LAPI-Fence and LAPI_Gfence operations provide a means to enforce the order of execution of LAPI functions. LAPI functions initiated prior to these fencing operations are guaranteed to complete before LAPI functions initiated after the fencing functions. LAPI_Fence is a local operation which is used to guarantee that all LAPI operations initiated by the local process and the same process thread are complete. LAPI_Gfence is a collective operation involving all processes in the parallel program. LAPI_Gfence provides a barrier operation for the parallel program. Both LAPI_Fence and LAPI_Gfence operations are a data fence that guarantee that the data movement is complete. These are not an operation fence which would need to include active message completion handlers completing at the target.
The LAPI_Probe function is used in polling mode to transfer control to the communication subsystem in order to make progress on arriving messages.
The LAPI_Address_init collective operation allows processes to exchange operand addresses of interest. Such function is required if the processes do not have identical address maps. The LAPI_Address is used by Fortran programs when an address needs to be stored in an array. In Fortran there is no concept of "address" (as there is in the C language) and this function gives that ability to Fortran.

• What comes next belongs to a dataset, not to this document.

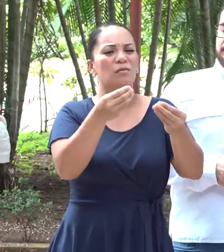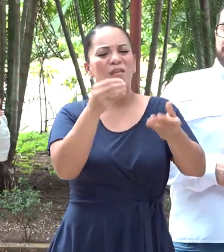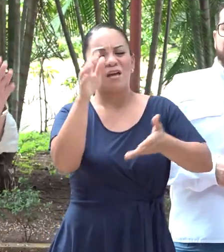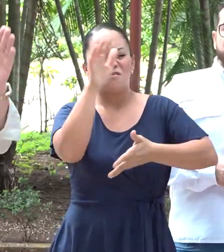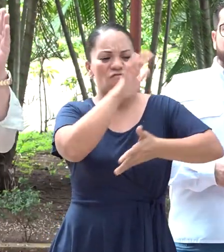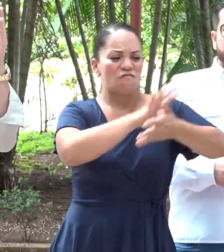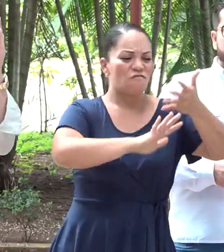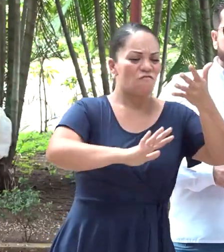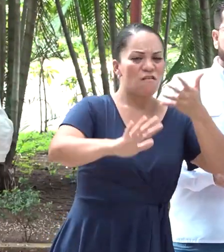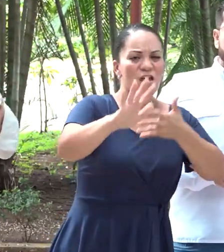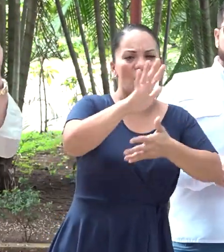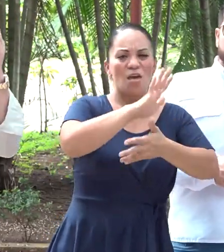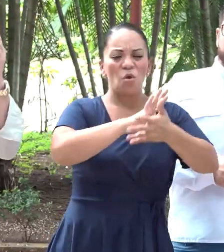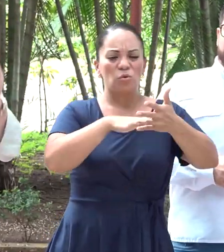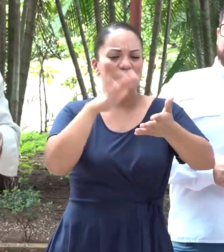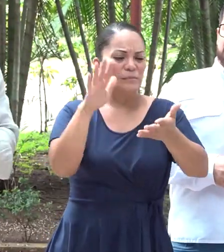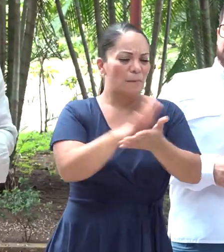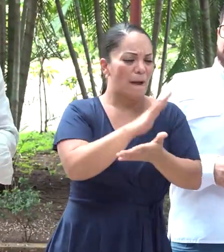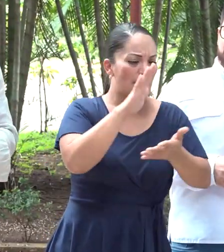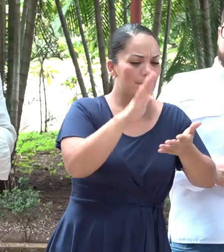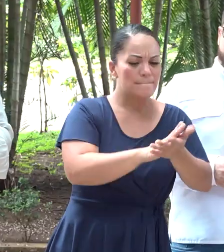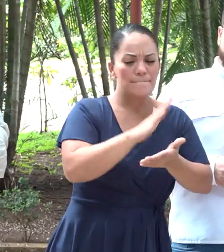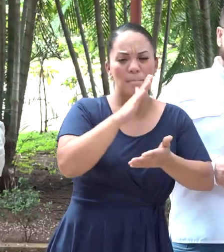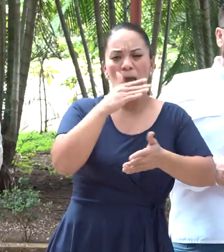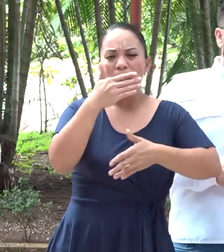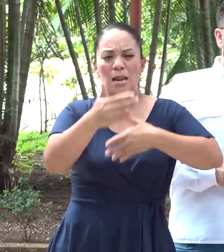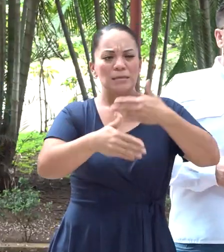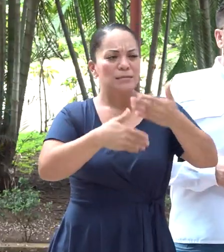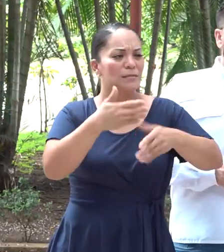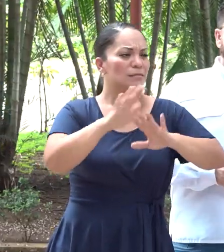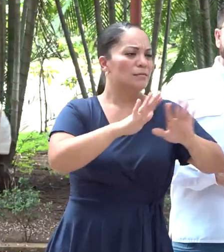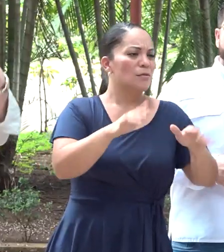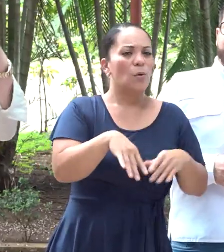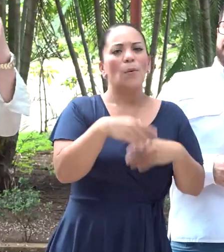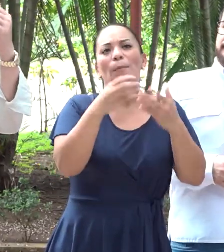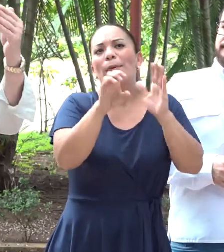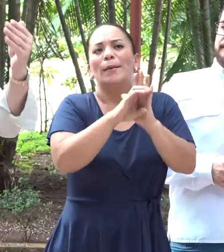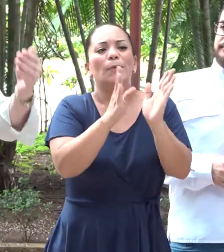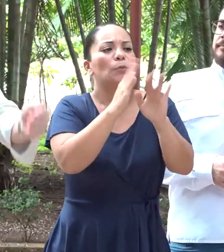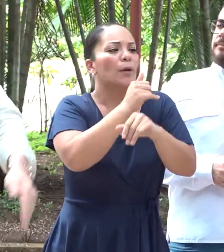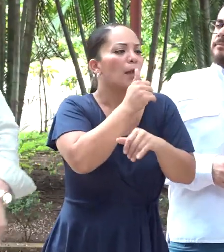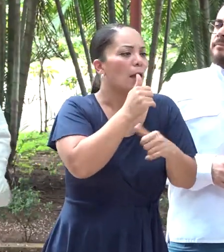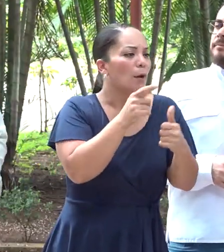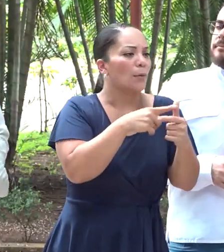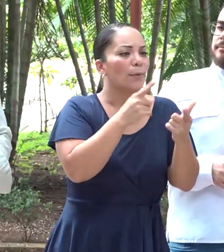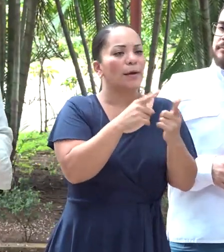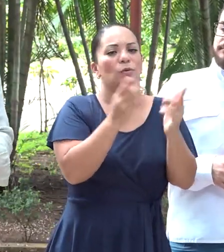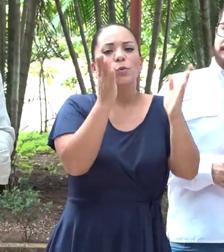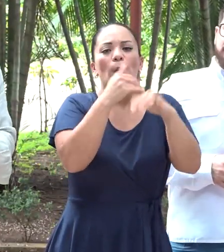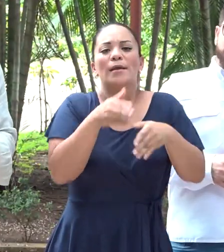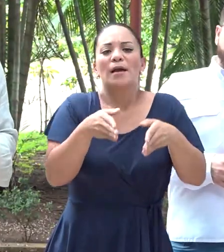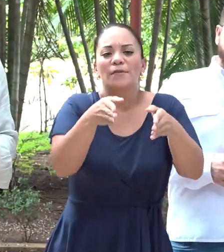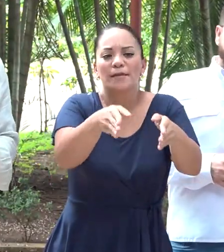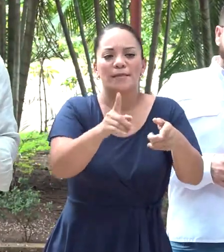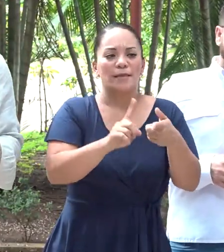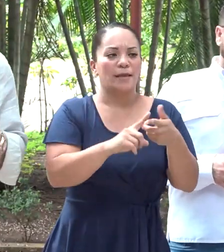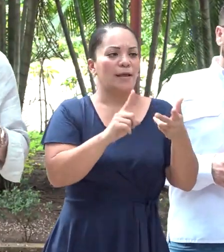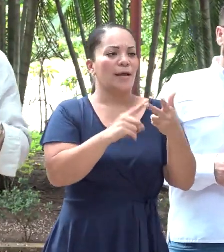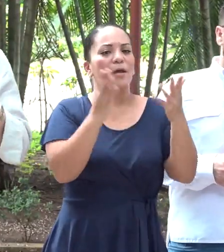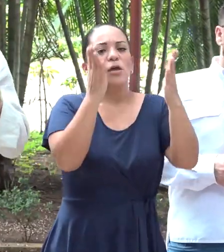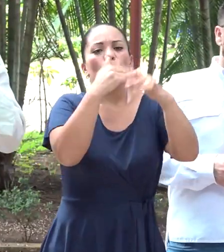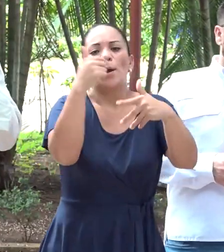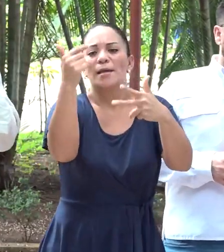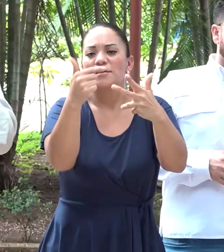enredos de la tramitología, que no hay agua, que no hay carretera, que no hay

LAPI_Init and LAPI_Term operations are used to initialize and terminate the communication structures required to effect LAPI communications for a specific instance of LAPI. LAPI_Init returns a unique handle which is used to associate a communication channel with the LAPI instance. This handle is subsequently passed as a parameter to each of the other LAPI functions. The LAPI_Term function is used to terminate a specific instance of LAPI.
The LAPI_Init function provides a means for the user of LAPI to register an error handler. This error handler is specified as part of the lapi_info structure parameter which is passed to the LAPI_Init function. The LAPI_Msg_String function provides the means to translate a LAPI call return code value (integer) into a message string.
The LAPI_Qenv function is used to query the state of the LAPI communications subsystem. The LAPI_Senv function allows the programmer to specify the value of some of the LAPI communications subsystem's environment variables. An important value that can be specified is the interrupt state. The interrupt state is set by specifying INTERRUPT_SET as on (for interrupt mode) or off (for polling mode). The default setting for INTERRUPT_SET is on.